En fait, c’est la l’une des plus grandes erreurs que font les analystes, voire même un nombre important d’hommes politiques. L’algérien est en fait le produit de son histoire, le fruit de son environnement et la somme des événements historiques. L’histoire qui surnage dans la conscience populaire algérienne est faite de spoliation, d’injustice, d’humiliation, de violence et d’arbitraire.
Nous observons donc la genèse et le développement du despotisme, conçu comme un état d’exception permanent dominé par les forces les plus agissantes et disposant du pouvoir absolu à l’exercice des fonctions exécutives, législatives et judiciaires et destiné à organiser et à pérenniser le système/ régime. Le despotisme est l’exemple de ce processus qui a vu une mesure d’exception employée à l’indépendance à l’issue du coup de force orchestré par l’armée des frontières contre le peuple, devenir la règle dans le pays et se banaliser.

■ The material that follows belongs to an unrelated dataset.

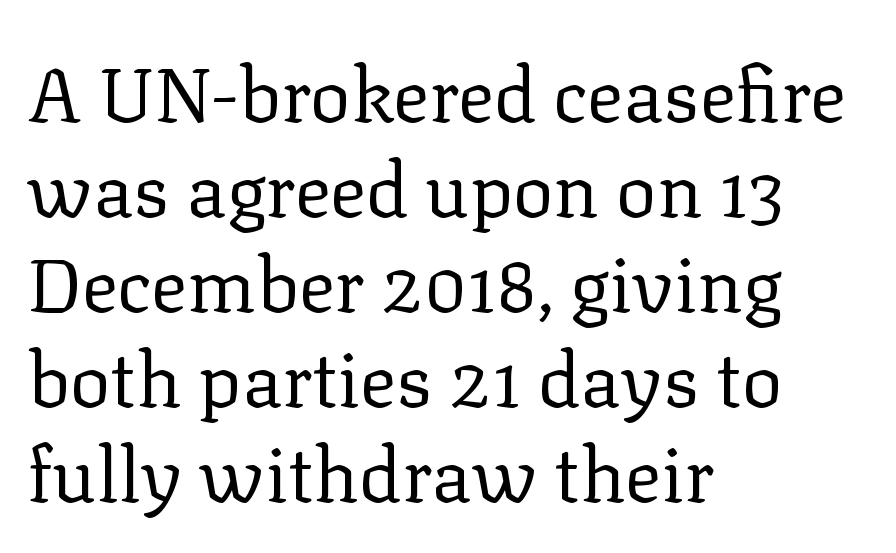
Note the varied advance widths — an 'i' is clearly narrower than an 'm'. One-word summary of the alignment: left. Between one letter and the next there's only the usual sliver of space. To sum up the face: it has serifs. No italicization has been applied; the sample stays upright.

Cumulant l’arrogance idéologique et les ignorances les plus scandaleuses, les forces archaïques et conservatrices au pouvoir ont aggravé des décennies durant les processus de régressions sociale, intellectuelle, culturelle et politique dans le pays.
Aujourd’hui, il s’agit de comprendre et déployer les principes et les conséquences d’une transformation nationale en cours d’accomplissement dans le domaine de la conscience politique, de la cohésion sociale, de la solidarité nationale et du vivre ensemble, et ce, depuis l’avènement du hirak.
Cette transformation, les problèmes qu’elle pose, les instruments qu’elle utilise, les concepts qui s’y définissent, les résultats qu’elle obtient porte un nom : la dynamique politique et sociale.
L’alternative politique n’a de sens que si elle s’inscrit dans la logique d’un projet alternatif de société susceptible de mobiliser activement les fractions de société ; une des tâches fondamentales du mouvement progressiste algérien et des forces patriotiques nationales.
L’Algérie doit impérativement se réapproprier son histoire, y compris dans sa vérité la plus amère, indispensable à l’édification de nouvelles générations, pour bâtir une nouvelle algérie, enfin débarrassée de ses fossoyeurs qui l’ont jusqu’ici plongée dans la tourmente et le désarroi, brisant net l’élan du 1er novembre.